→ **RECORDS PROVIDED**
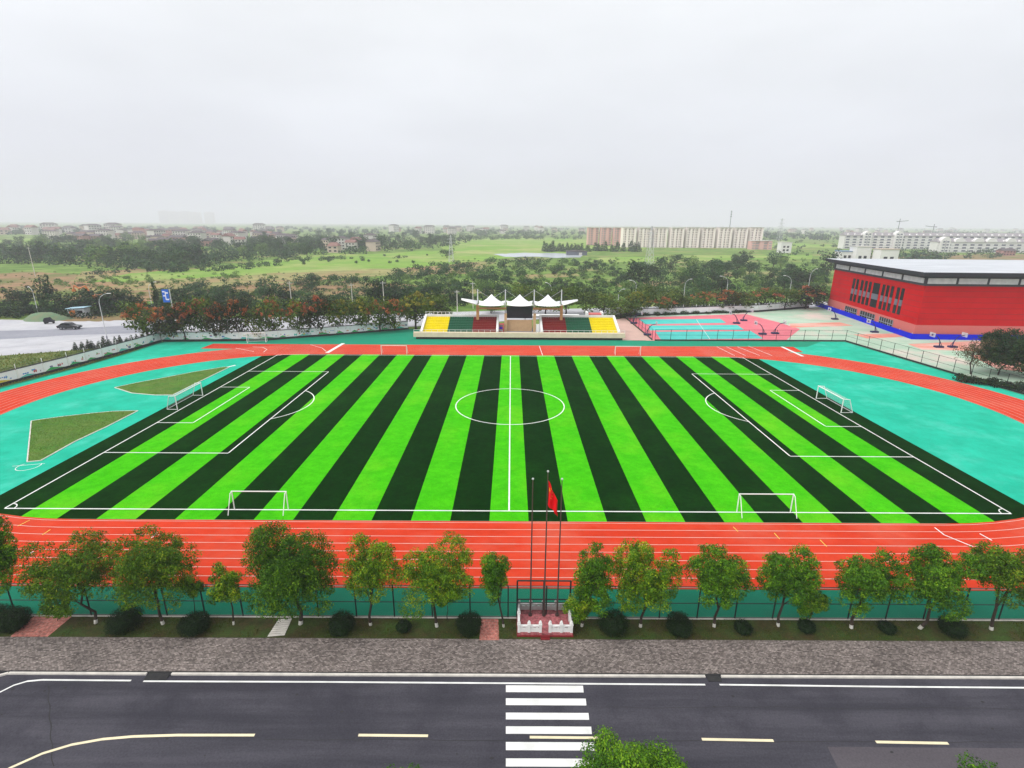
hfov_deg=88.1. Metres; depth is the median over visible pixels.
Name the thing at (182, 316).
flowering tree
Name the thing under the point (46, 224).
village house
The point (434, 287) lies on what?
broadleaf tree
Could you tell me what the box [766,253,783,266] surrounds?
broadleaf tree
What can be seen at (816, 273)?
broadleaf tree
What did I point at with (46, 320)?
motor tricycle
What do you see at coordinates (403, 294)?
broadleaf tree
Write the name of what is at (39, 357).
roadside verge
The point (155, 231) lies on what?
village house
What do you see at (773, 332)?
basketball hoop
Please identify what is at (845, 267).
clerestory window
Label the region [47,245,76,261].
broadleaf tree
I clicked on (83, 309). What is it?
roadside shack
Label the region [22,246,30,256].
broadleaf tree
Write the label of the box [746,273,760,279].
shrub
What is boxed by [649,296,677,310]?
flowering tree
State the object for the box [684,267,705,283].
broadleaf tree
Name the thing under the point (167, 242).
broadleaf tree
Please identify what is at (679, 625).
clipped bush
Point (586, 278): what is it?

==

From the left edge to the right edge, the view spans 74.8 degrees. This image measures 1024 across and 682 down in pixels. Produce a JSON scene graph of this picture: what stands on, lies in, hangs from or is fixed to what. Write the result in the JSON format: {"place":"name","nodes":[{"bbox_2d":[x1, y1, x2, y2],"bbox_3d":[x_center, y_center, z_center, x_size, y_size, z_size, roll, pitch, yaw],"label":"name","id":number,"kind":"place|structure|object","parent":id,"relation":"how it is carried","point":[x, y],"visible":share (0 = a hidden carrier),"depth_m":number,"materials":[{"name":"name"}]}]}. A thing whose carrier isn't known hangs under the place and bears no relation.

* * *

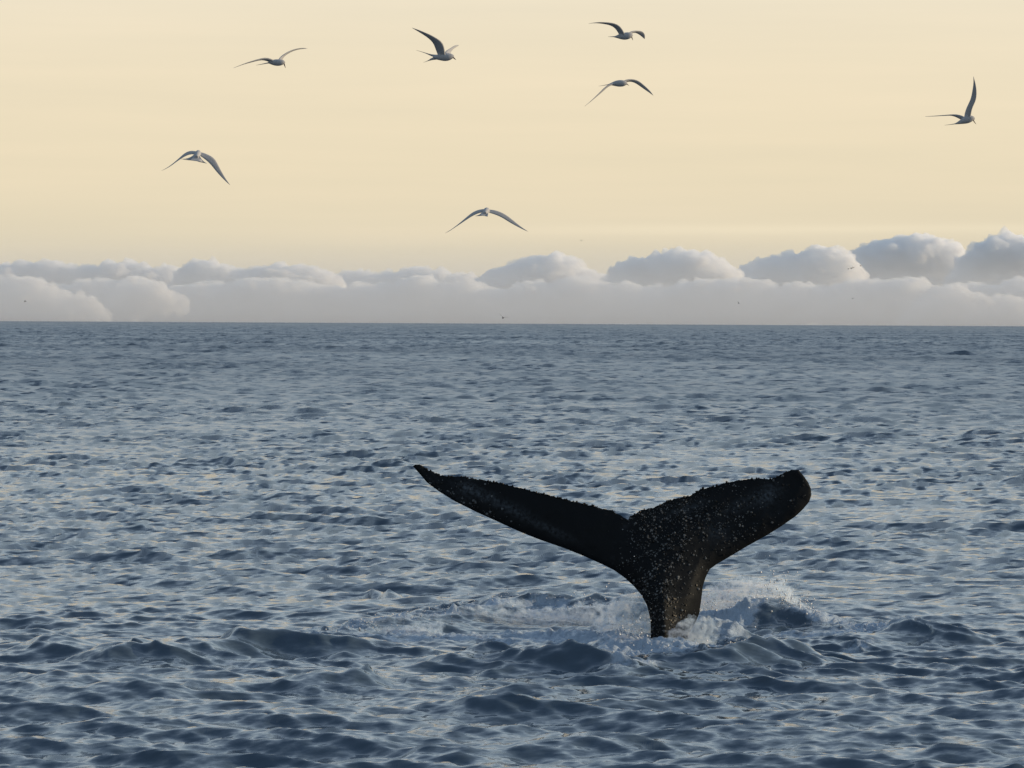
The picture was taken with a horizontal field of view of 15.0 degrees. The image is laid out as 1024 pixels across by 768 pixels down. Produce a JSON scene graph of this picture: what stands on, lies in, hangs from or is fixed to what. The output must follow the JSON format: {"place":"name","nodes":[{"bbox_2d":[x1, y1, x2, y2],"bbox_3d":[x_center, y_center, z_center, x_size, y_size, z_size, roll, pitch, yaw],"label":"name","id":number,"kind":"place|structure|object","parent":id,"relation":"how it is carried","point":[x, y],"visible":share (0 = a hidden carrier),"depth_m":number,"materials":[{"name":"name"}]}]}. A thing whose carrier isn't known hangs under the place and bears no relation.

→ **GOAL OF THE EXERCISE**
Give back the records above exactly, limited to the lines between the one holding "hfov_deg=88.1. Metres; depth" and the one holding "Point (586, 278): what is it?", inclusive.

→ **ANSWER BOX**
hfov_deg=88.1. Metres; depth is the median over visible pixels.
Name the thing at (182, 316).
flowering tree
Name the thing under the point (46, 224).
village house
The point (434, 287) lies on what?
broadleaf tree
Could you tell me what the box [766,253,783,266] surrounds?
broadleaf tree
What can be seen at (816, 273)?
broadleaf tree
What did I point at with (46, 320)?
motor tricycle
What do you see at coordinates (403, 294)?
broadleaf tree
Write the name of what is at (39, 357).
roadside verge
The point (155, 231) lies on what?
village house
What do you see at (773, 332)?
basketball hoop
Please identify what is at (845, 267).
clerestory window
Label the region [47,245,76,261].
broadleaf tree
I clicked on (83, 309). What is it?
roadside shack
Label the region [22,246,30,256].
broadleaf tree
Write the label of the box [746,273,760,279].
shrub
What is boxed by [649,296,677,310]?
flowering tree
State the object for the box [684,267,705,283].
broadleaf tree
Name the thing under the point (167, 242).
broadleaf tree
Please identify what is at (679, 625).
clipped bush
Point (586, 278): what is it?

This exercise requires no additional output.